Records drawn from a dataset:
..............................
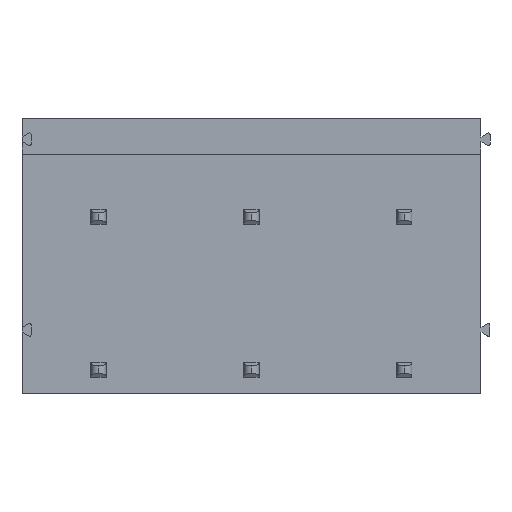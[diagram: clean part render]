
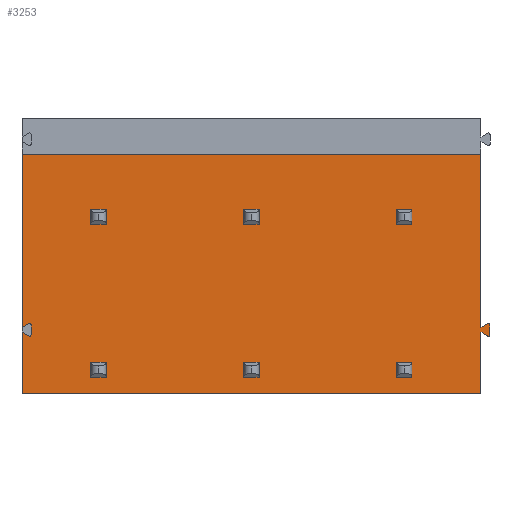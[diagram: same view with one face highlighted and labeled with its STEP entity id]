
A CAD part, front view. The second image highlights one B-rep face of the part: STEP entity #3253.
In plain terms, the highlighted planar face has unit normal (0, -1, 0).
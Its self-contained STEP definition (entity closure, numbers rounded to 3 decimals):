
#62 = CARTESIAN_POINT ( 'NONE',  ( 14.94, 0., 6.75 ) ) ;
#74 = ORIENTED_EDGE ( 'NONE', *, *, #2887, .F. ) ;
#285 = DIRECTION ( 'NONE',  ( 0., 1., 0. ) ) ;
#288 = CARTESIAN_POINT ( 'NONE',  ( 14.94, 0., -9.15 ) ) ;
#329 = CARTESIAN_POINT ( 'NONE',  ( -15.54, 0., -5.052 ) ) ;
#345 = VERTEX_POINT ( 'NONE', #1282 ) ;
#377 = LINE ( 'NONE', #734, #7398 ) ;
#382 = VECTOR ( 'NONE', #929, 1000. ) ;
#518 = CARTESIAN_POINT ( 'NONE',  ( 0., 0., 0. ) ) ;
#590 = ORIENTED_EDGE ( 'NONE', *, *, #6557, .F. ) ;
#709 = ORIENTED_EDGE ( 'NONE', *, *, #6441, .F. ) ;
#734 = CARTESIAN_POINT ( 'NONE',  ( 14.94, 0., -9.15 ) ) ;
#745 = DIRECTION ( 'NONE',  ( 0.866, 0., 0.5 ) ) ;
#781 = EDGE_CURVE ( 'NONE', #5011, #1693, #3710, .T. ) ;
#791 = VERTEX_POINT ( 'NONE', #1729 ) ;
#894 = DIRECTION ( 'NONE',  ( -0.866, 0., 0.5 ) ) ;
#929 = DIRECTION ( 'NONE',  ( 0., 0., -1. ) ) ;
#1003 = EDGE_CURVE ( 'NONE', #6445, #4671, #1811, .T. ) ;
#1008 = ORIENTED_EDGE ( 'NONE', *, *, #6003, .T. ) ;
#1075 = CARTESIAN_POINT ( 'NONE',  ( -15.09, 0., -5.312 ) ) ;
#1085 = LINE ( 'NONE', #1075, #4285 ) ;
#1089 = ORIENTED_EDGE ( 'NONE', *, *, #4013, .T. ) ;
#1098 = ORIENTED_EDGE ( 'NONE', *, *, #6892, .F. ) ;
#1132 = PLANE ( 'NONE',  #4836 ) ;
#1169 = CARTESIAN_POINT ( 'NONE',  ( 15.54, 0., -5.225 ) ) ;
#1229 = EDGE_LOOP ( 'NONE', ( #1008, #6949, #7482, #1500, #709, #74, #1885, #590, #6475, #8262, #6208, #2620, #1098, #5994, #1089, #6660, #3583, #2124 ) ) ;
#1259 = CARTESIAN_POINT ( 'NONE',  ( 14.94, 0., -4.748 ) ) ;
#1282 = CARTESIAN_POINT ( 'NONE',  ( -15.04, 0., -5.325 ) ) ;
#1324 = DIRECTION ( 'NONE',  ( 0., 0., 1. ) ) ;
#1383 = FACE_OUTER_BOUND ( 'NONE', #1229, .T. ) ;
#1444 = DIRECTION ( 'NONE',  ( -1., 0., 0. ) ) ;
#1500 = ORIENTED_EDGE ( 'NONE', *, *, #4090, .F. ) ;
#1598 = DIRECTION ( 'NONE',  ( 0., 0., -1. ) ) ;
#1630 = LINE ( 'NONE', #4656, #6378 ) ;
#1693 = VERTEX_POINT ( 'NONE', #5796 ) ;
#1722 = LINE ( 'NONE', #6067, #5237 ) ;
#1729 = CARTESIAN_POINT ( 'NONE',  ( -14.94, 0., -5.225 ) ) ;
#1811 = LINE ( 'NONE', #2821, #3438 ) ;
#1848 = CARTESIAN_POINT ( 'NONE',  ( 15.39, 0., -4.488 ) ) ;
#1876 = VERTEX_POINT ( 'NONE', #6847 ) ;
#1885 = ORIENTED_EDGE ( 'NONE', *, *, #6393, .F. ) ;
#1892 = DIRECTION ( 'NONE',  ( 0., 1., 0. ) ) ;
#1974 = CARTESIAN_POINT ( 'NONE',  ( -15.04, 0., -5.225 ) ) ;
#1989 = LINE ( 'NONE', #288, #3293 ) ;
#2085 = DIRECTION ( 'NONE',  ( 1., 0., 0. ) ) ;
#2124 = ORIENTED_EDGE ( 'NONE', *, *, #5396, .T. ) ;
#2180 = CIRCLE ( 'NONE', #3299, 0.1 ) ;
#2202 = VECTOR ( 'NONE', #1444, 1000. ) ;
#2222 = VERTEX_POINT ( 'NONE', #3940 ) ;
#2229 = CARTESIAN_POINT ( 'NONE',  ( -14.94, 0., -4.575 ) ) ;
#2569 = DIRECTION ( 'NONE',  ( 0., 0., 1. ) ) ;
#2570 = CARTESIAN_POINT ( 'NONE',  ( 15.44, 0., -5.325 ) ) ;
#2575 = CARTESIAN_POINT ( 'NONE',  ( 15.39, 0., -5.312 ) ) ;
#2620 = ORIENTED_EDGE ( 'NONE', *, *, #2878, .F. ) ;
#2790 = EDGE_CURVE ( 'NONE', #8229, #1876, #3504, .T. ) ;
#2821 = CARTESIAN_POINT ( 'NONE',  ( -15.54, 0., -4.748 ) ) ;
#2824 = DIRECTION ( 'NONE',  ( 0., 0., -1. ) ) ;
#2874 = DIRECTION ( 'NONE',  ( 0., 0., 1. ) ) ;
#2878 = EDGE_CURVE ( 'NONE', #5506, #6879, #7604, .T. ) ;
#2887 = EDGE_CURVE ( 'NONE', #4137, #7890, #5596, .T. ) ;
#2963 = EDGE_CURVE ( 'NONE', #5194, #791, #7500, .T. ) ;
#2970 = DIRECTION ( 'NONE',  ( 0., 1., 0. ) ) ;
#3050 = CARTESIAN_POINT ( 'NONE',  ( 14.94, 0., -9.15 ) ) ;
#3059 = DIRECTION ( 'NONE',  ( 0., 0., 1. ) ) ;
#3107 = CARTESIAN_POINT ( 'NONE',  ( -15.09, 0., -5.312 ) ) ;
#3120 = CARTESIAN_POINT ( 'NONE',  ( -15.09, 0., -4.488 ) ) ;
#3182 = LINE ( 'NONE', #7061, #7478 ) ;
#3216 = DIRECTION ( 'NONE',  ( 0., 0., 1. ) ) ;
#3253 = ADVANCED_FACE ( 'NONE', ( #1383 ), #1132, .F. ) ;
#3293 = VECTOR ( 'NONE', #5488, 1000. ) ;
#3299 = AXIS2_PLACEMENT_3D ( 'NONE', #8041, #2970, #7326 ) ;
#3311 = DIRECTION ( 'NONE',  ( 0., 0., -1. ) ) ;
#3330 = EDGE_CURVE ( 'NONE', #6879, #2222, #377, .T. ) ;
#3415 = VERTEX_POINT ( 'NONE', #6920 ) ;
#3438 = VECTOR ( 'NONE', #4154, 1000. ) ;
#3504 = LINE ( 'NONE', #4632, #2202 ) ;
#3506 = EDGE_CURVE ( 'NONE', #791, #345, #7292, .T. ) ;
#3583 = ORIENTED_EDGE ( 'NONE', *, *, #3506, .T. ) ;
#3710 = CIRCLE ( 'NONE', #5091, 0.1 ) ;
#3940 = CARTESIAN_POINT ( 'NONE',  ( 14.94, 0., -4.748 ) ) ;
#4013 = EDGE_CURVE ( 'NONE', #4671, #5194, #2180, .T. ) ;
#4090 = EDGE_CURVE ( 'NONE', #3415, #8229, #1989, .T. ) ;
#4137 = VERTEX_POINT ( 'NONE', #2570 ) ;
#4154 = DIRECTION ( 'NONE',  ( 0.866, 0., 0.5 ) ) ;
#4161 = EDGE_CURVE ( 'NONE', #1876, #5932, #3182, .T. ) ;
#4224 = CARTESIAN_POINT ( 'NONE',  ( -15.54, 0., 6.75 ) ) ;
#4285 = VECTOR ( 'NONE', #6250, 1000. ) ;
#4325 = LINE ( 'NONE', #1259, #6247 ) ;
#4532 = LINE ( 'NONE', #5162, #6744 ) ;
#4632 = CARTESIAN_POINT ( 'NONE',  ( -15.54, 0., -9.15 ) ) ;
#4656 = CARTESIAN_POINT ( 'NONE',  ( 14.94, 0., -5.052 ) ) ;
#4671 = VERTEX_POINT ( 'NONE', #3120 ) ;
#4836 = AXIS2_PLACEMENT_3D ( 'NONE', #518, #1892, #2569 ) ;
#5011 = VERTEX_POINT ( 'NONE', #1848 ) ;
#5091 = AXIS2_PLACEMENT_3D ( 'NONE', #6252, #6910, #3059 ) ;
#5162 = CARTESIAN_POINT ( 'NONE',  ( -15.54, 0., -9.15 ) ) ;
#5194 = VERTEX_POINT ( 'NONE', #7083 ) ;
#5237 = VECTOR ( 'NONE', #1598, 1000. ) ;
#5293 = DIRECTION ( 'NONE',  ( 0., 0., -1. ) ) ;
#5396 = EDGE_CURVE ( 'NONE', #345, #6212, #5437, .T. ) ;
#5437 = CIRCLE ( 'NONE', #6951, 0.1 ) ;
#5488 = DIRECTION ( 'NONE',  ( 0., 0., -1. ) ) ;
#5506 = VERTEX_POINT ( 'NONE', #4224 ) ;
#5596 = CIRCLE ( 'NONE', #7786, 0.1 ) ;
#5615 = VERTEX_POINT ( 'NONE', #1169 ) ;
#5697 = AXIS2_PLACEMENT_3D ( 'NONE', #1974, #6417, #7074 ) ;
#5796 = CARTESIAN_POINT ( 'NONE',  ( 15.54, 0., -4.575 ) ) ;
#5932 = VERTEX_POINT ( 'NONE', #329 ) ;
#5962 = CARTESIAN_POINT ( 'NONE',  ( -15.54, 0., 6.75 ) ) ;
#5994 = ORIENTED_EDGE ( 'NONE', *, *, #1003, .T. ) ;
#6003 = EDGE_CURVE ( 'NONE', #6212, #5932, #1085, .T. ) ;
#6067 = CARTESIAN_POINT ( 'NONE',  ( 15.54, 0., -5.225 ) ) ;
#6208 = ORIENTED_EDGE ( 'NONE', *, *, #3330, .F. ) ;
#6212 = VERTEX_POINT ( 'NONE', #3107 ) ;
#6247 = VECTOR ( 'NONE', #745, 1000. ) ;
#6250 = DIRECTION ( 'NONE',  ( -0.866, 0., 0.5 ) ) ;
#6252 = CARTESIAN_POINT ( 'NONE',  ( 15.44, 0., -4.575 ) ) ;
#6315 = AXIS2_PLACEMENT_3D ( 'NONE', #6585, #285, #2824 ) ;
#6378 = VECTOR ( 'NONE', #894, 1000. ) ;
#6393 = EDGE_CURVE ( 'NONE', #5615, #4137, #7064, .T. ) ;
#6417 = DIRECTION ( 'NONE',  ( 0., 1., 0. ) ) ;
#6441 = EDGE_CURVE ( 'NONE', #7890, #3415, #1630, .T. ) ;
#6445 = VERTEX_POINT ( 'NONE', #7295 ) ;
#6475 = ORIENTED_EDGE ( 'NONE', *, *, #781, .F. ) ;
#6557 = EDGE_CURVE ( 'NONE', #1693, #5615, #1722, .T. ) ;
#6585 = CARTESIAN_POINT ( 'NONE',  ( 15.44, 0., -5.225 ) ) ;
#6643 = CARTESIAN_POINT ( 'NONE',  ( 15.44, 0., -5.225 ) ) ;
#6660 = ORIENTED_EDGE ( 'NONE', *, *, #2963, .T. ) ;
#6744 = VECTOR ( 'NONE', #1324, 1000. ) ;
#6847 = CARTESIAN_POINT ( 'NONE',  ( -15.54, 0., -9.15 ) ) ;
#6879 = VERTEX_POINT ( 'NONE', #62 ) ;
#6892 = EDGE_CURVE ( 'NONE', #6445, #5506, #4532, .T. ) ;
#6910 = DIRECTION ( 'NONE',  ( 0., 1., 0. ) ) ;
#6920 = CARTESIAN_POINT ( 'NONE',  ( 14.94, 0., -5.052 ) ) ;
#6949 = ORIENTED_EDGE ( 'NONE', *, *, #4161, .F. ) ;
#6951 = AXIS2_PLACEMENT_3D ( 'NONE', #8028, #7368, #2874 ) ;
#7061 = CARTESIAN_POINT ( 'NONE',  ( -15.54, 0., -9.15 ) ) ;
#7064 = CIRCLE ( 'NONE', #6315, 0.1 ) ;
#7074 = DIRECTION ( 'NONE',  ( 0., 0., 1. ) ) ;
#7083 = CARTESIAN_POINT ( 'NONE',  ( -14.94, 0., -4.575 ) ) ;
#7153 = DIRECTION ( 'NONE',  ( 0., 1., 0. ) ) ;
#7292 = CIRCLE ( 'NONE', #5697, 0.1 ) ;
#7295 = CARTESIAN_POINT ( 'NONE',  ( -15.54, 0., -4.748 ) ) ;
#7326 = DIRECTION ( 'NONE',  ( 0., 0., 1. ) ) ;
#7368 = DIRECTION ( 'NONE',  ( 0., 1., 0. ) ) ;
#7398 = VECTOR ( 'NONE', #5293, 1000. ) ;
#7478 = VECTOR ( 'NONE', #3216, 1000. ) ;
#7482 = ORIENTED_EDGE ( 'NONE', *, *, #2790, .F. ) ;
#7500 = LINE ( 'NONE', #2229, #382 ) ;
#7501 = EDGE_CURVE ( 'NONE', #2222, #5011, #4325, .T. ) ;
#7604 = LINE ( 'NONE', #5962, #8087 ) ;
#7786 = AXIS2_PLACEMENT_3D ( 'NONE', #6643, #7153, #3311 ) ;
#7890 = VERTEX_POINT ( 'NONE', #2575 ) ;
#8028 = CARTESIAN_POINT ( 'NONE',  ( -15.04, 0., -5.225 ) ) ;
#8041 = CARTESIAN_POINT ( 'NONE',  ( -15.04, 0., -4.575 ) ) ;
#8087 = VECTOR ( 'NONE', #2085, 1000. ) ;
#8229 = VERTEX_POINT ( 'NONE', #3050 ) ;
#8262 = ORIENTED_EDGE ( 'NONE', *, *, #7501, .F. ) ;
..............................
Retype only the stretch of lines above starting at the one with "#6879 = VERTEX_POINT ( 'NONE', #62 ) ;" and stopping at the one with "#6949 = ORIENTED_EDGE", exactly as written, with both kept.

SOLUTION TO THE EXERCISE:
#6879 = VERTEX_POINT ( 'NONE', #62 ) ;
#6892 = EDGE_CURVE ( 'NONE', #6445, #5506, #4532, .T. ) ;
#6910 = DIRECTION ( 'NONE',  ( 0., 1., 0. ) ) ;
#6920 = CARTESIAN_POINT ( 'NONE',  ( 14.94, 0., -5.052 ) ) ;
#6949 = ORIENTED_EDGE ( 'NONE', *, *, #4161, .F. ) ;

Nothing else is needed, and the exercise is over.